Ph.D. Dissertation Proposal Defense in Biomedical Engineering: Nazli Seray Bostanci 9/24

09/15/2025
By Danielle Fretwell

The Francis College of Engineering, Department of Biomedical Engineering, invites you to attend a Doctoral Dissertation Proposal defense by Nazli Seray Bostanci on: "Comparison of 2D and 3D Inflammatory Nociception Models and Evaluation of Sex-dependent Differences Using Human Induced Pluripotent Stem Cell Sensory Cultures on Microelectrode Arrays."

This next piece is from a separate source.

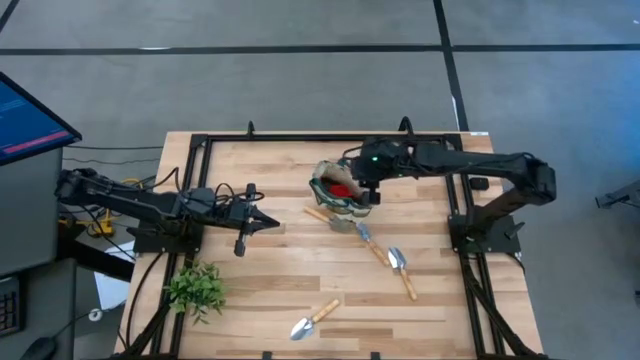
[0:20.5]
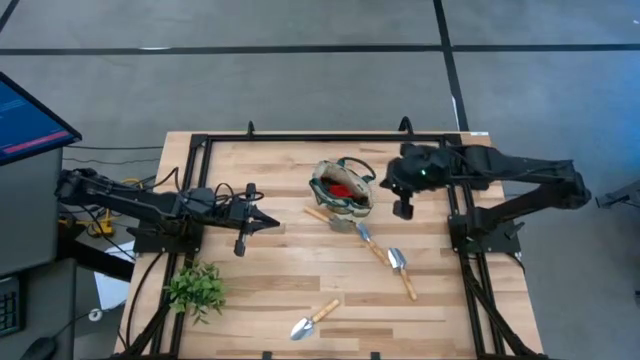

Candidate Name: Nazli Seray Bostanci
Degree: Doctoral
Defense Date: Wednesday, Sept. 24, 2025
Time: 11 a.m.-noon
Location: Zoom. Please contact the advisor for the link.

Committee:

• Advisor: Bryan J. Black, Assistant Professor, Biomedical Engineering, University of Massachusetts Lowell
• Chiara Ghezzi, Associate Professor, Biomedical Engineering, University of Massachusetts Lowell
• Jeffrey Moore, Professor, Biological Sciences, University of Massachusetts Lowell
• Carlo Saverio Iorio, Ph.D., Universite Libre de Bruxelles
• Peter Gaines, Ph.D., Biological Sciences, University of Massachusetts Lowell

Abstract:
Chronic pain is the nation’s leading public health crisis, affecting over 20% of the US population, with significant sex-dependent differences in chronic pain rates, types, and severity. Regardless, chronic pain reduces the length and quality of life, causing physical, emotional, mental, and economic stress. Chronic pain management primarily relies on pharmaceuticals, yet they remain limited, ineffective, and are often problematic for both sexes (e.g., the opioid epidemic). Therefore, deeper fundamental understanding of the sex-dependent differences observed in clinical presentation and therapeutic outcomes as well as new pharmaceutical approaches are urgently needed. However, due to chronic pain’s inherent mechanistic complexity, it is a poor candidate for classical target-based drug discovery. This has led researchers to seek a mechanism-agnostic, phenotypic compound screening approach. The Pain Research Lab (PRL) at UMass Lowell has recently developed a phenotypic model of inflammatory nociception based on 2D co-cultures of human induced pluripotent stem cell (hiPSC) sensory neurons (SNs) and glia on microelectrode arrays (MEAs). Although our 2D model successfully confirms cherry-picked compounds, 3D models may provide a more physiologically relevant microenvironment that supports cell–cell and cell–matrix interactions, thereby enabling better recapitulation of phenotypic responses (i.e. compound efficacy and toxicity). However, to our knowledge, no human cell-based 3D model of inflammatory nociception has been demonstrated, nor do current models adequately address the well-documented sex-dependent differences in drug responsiveness. Therefore, developing biologically relevant models that capture these differences is of critical importance for more effective, targeted compound screening. The goal of this proposal is to develop, optimize and compare sex- and hormone- dependent 2D and 3D chronic inflammatory nociception models that can be used for analgesic compound screening.